Compute Environments#

This section contains instructional materials and helper scripts to set up your computational environment for running HyTEST workflows and scripts in this repository.

The HyTEST workflows are built largely on the Pangeo software stack, and are designed to be portable between the cloud, HPC clusters, and your local computer (though some workflows may take an unreasonable amount of time to complete if you are working only on a local computer). Most of our workflows are contained in Jupyter notebooks, and we recommend running them in JupyterLab or another development environment of your choice that supports Jupyter notebooks. If you are working on a team, you may want to consider using a shared JupyterHub instance, which allows multiple users to work in the same environment and share files easily. Below, we describe a few options for setting up or connecting to JupyterHub resources.
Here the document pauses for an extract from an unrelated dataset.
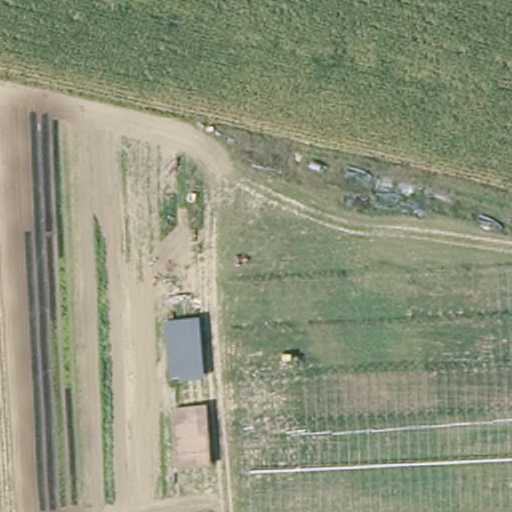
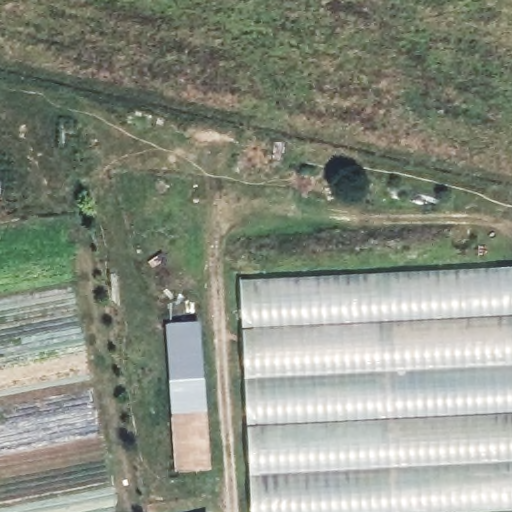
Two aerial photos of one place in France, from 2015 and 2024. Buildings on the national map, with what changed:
new [(512,510),(478,512),(250,512),(239,279),(512,266),(512,510)]
unchanged [(175,471),(170,411),(169,385),(164,324),(198,321),(204,382),(204,408),(210,469),(175,471)]
demolished [(512,467),(512,502),(472,508),(466,474),(512,467)]

Setting Up Your Own Computing Environment#

If you do not have access to a JupyterLab/JupyterHub environment that has already been deployed, we recommend you follow these instructions to set up a computational environment that can run our workflows.

USGS Cloud Environment (only available to USGS staff)#

If you are a USGS employee, and you would like to run HyTEST workflows in a cloud environment, we recommend that you work with the CHS’s deployment of Nebari, which can be accessed here. This JupyterHub instance is deployed on USGS’s AWS account, backed by a Kubernetes cluster for scaled compute, and any USGS employee can request access to this space. This resource offers both a private (per user) and a shared file space in the JupyterHub environment. The private space is only visible to the user who created it, while the shared space allows for file sharing and collaboration among team members. Learn how to use the Nebari JupyterHub instance in the Quick-Start Guide.

USGS HPC Environment (only available to USGS staff)#

While we prioritize the development of workflows to run on “cloud” infrastructure, we also provide some guidance for running them on USGS’s supercomputers. First, make sure you have an account on Denali, Tallgrass, and/or Hovenweep. We recommend requesting accounts on all of these systems, as at times compute nodes may be unavailable on one system or the other. To get an account, fill out the request form and wait for approval (this may take a day or so).

Note that to access any of the HPCs, you must be on the DOI Network. If you are not in the office, please make sure you access these resources on the VPN.

You will need to access an enviroment which emulates the Jupyter server – where the notebooks will reside and execute – using the HPC hardware. There are many ways to do this. Here are three options, in increasing order of complexity and flexibility:

  1. Open OnDemand
    This option provides the most effortless access to HPC hardware using a web interface. However, this only runs on the Tallgrass and Hovenweep supercomputers.

  2. Jupyter Forward
    This option gives you more control over how to launch the server, and on which host (can be run on Denali, Tallgrass, Hovenweep, or other hosts to which you have a login). This setup requires that you install the jupyter-forward software on your PC.

  3. Custom Server Script
    This option lets you completely customize your HPC compute environment and invoke the Jupyter server from a command shell on the HPC. This requires familiarity with the HPC command line, file editing, etc. This (can be run on Denali, Tallgrass, Hovenweep, or other hosts to which you have a login).